## TASK ITEM:
Search the material for "weight" and copy each line in which it is found.

## EXERCISE INPUTS:

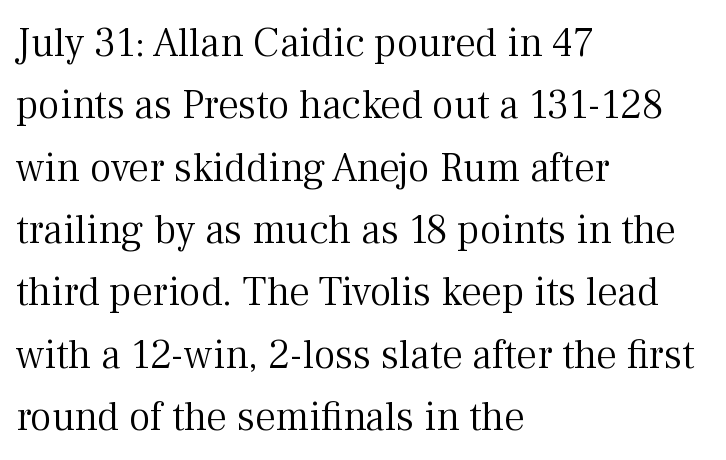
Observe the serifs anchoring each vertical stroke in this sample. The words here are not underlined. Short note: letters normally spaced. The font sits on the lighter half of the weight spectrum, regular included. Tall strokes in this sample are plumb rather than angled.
==
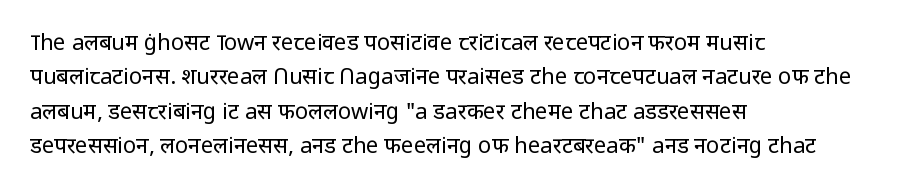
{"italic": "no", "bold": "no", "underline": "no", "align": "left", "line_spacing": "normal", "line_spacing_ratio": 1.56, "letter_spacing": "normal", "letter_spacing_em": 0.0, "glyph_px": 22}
---
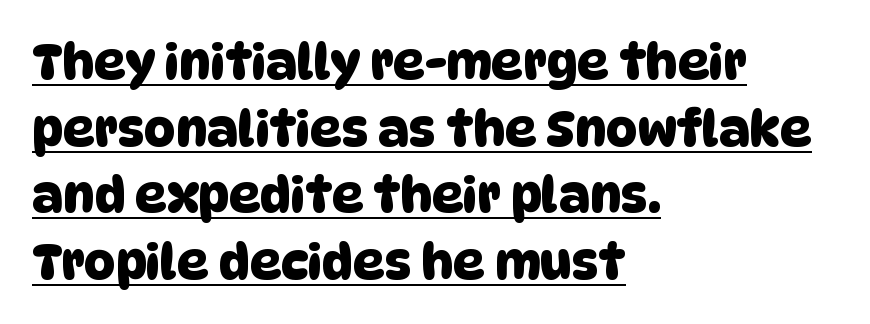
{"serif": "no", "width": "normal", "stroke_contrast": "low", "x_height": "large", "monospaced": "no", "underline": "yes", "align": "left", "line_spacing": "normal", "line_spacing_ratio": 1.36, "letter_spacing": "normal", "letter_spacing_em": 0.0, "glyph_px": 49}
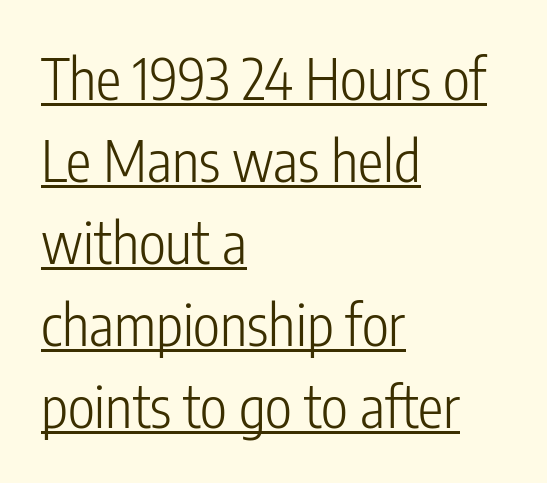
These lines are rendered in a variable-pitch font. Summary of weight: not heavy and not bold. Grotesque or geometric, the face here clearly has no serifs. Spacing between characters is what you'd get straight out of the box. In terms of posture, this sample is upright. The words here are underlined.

## WRITTEN RESPONSE:
Observe the serifs anchoring each vertical stroke in this sample. The words here are not underlined. Short note: letters normally spaced. The font sits on the lighter half of the weight spectrum, regular included. Tall strokes in this sample are plumb rather than angled.
These lines are rendered in a variable-pitch font. Summary of weight: not heavy and not bold. Grotesque or geometric, the face here clearly has no serifs. Spacing between characters is what you'd get straight out of the box. In terms of posture, this sample is upright. The words here are underlined.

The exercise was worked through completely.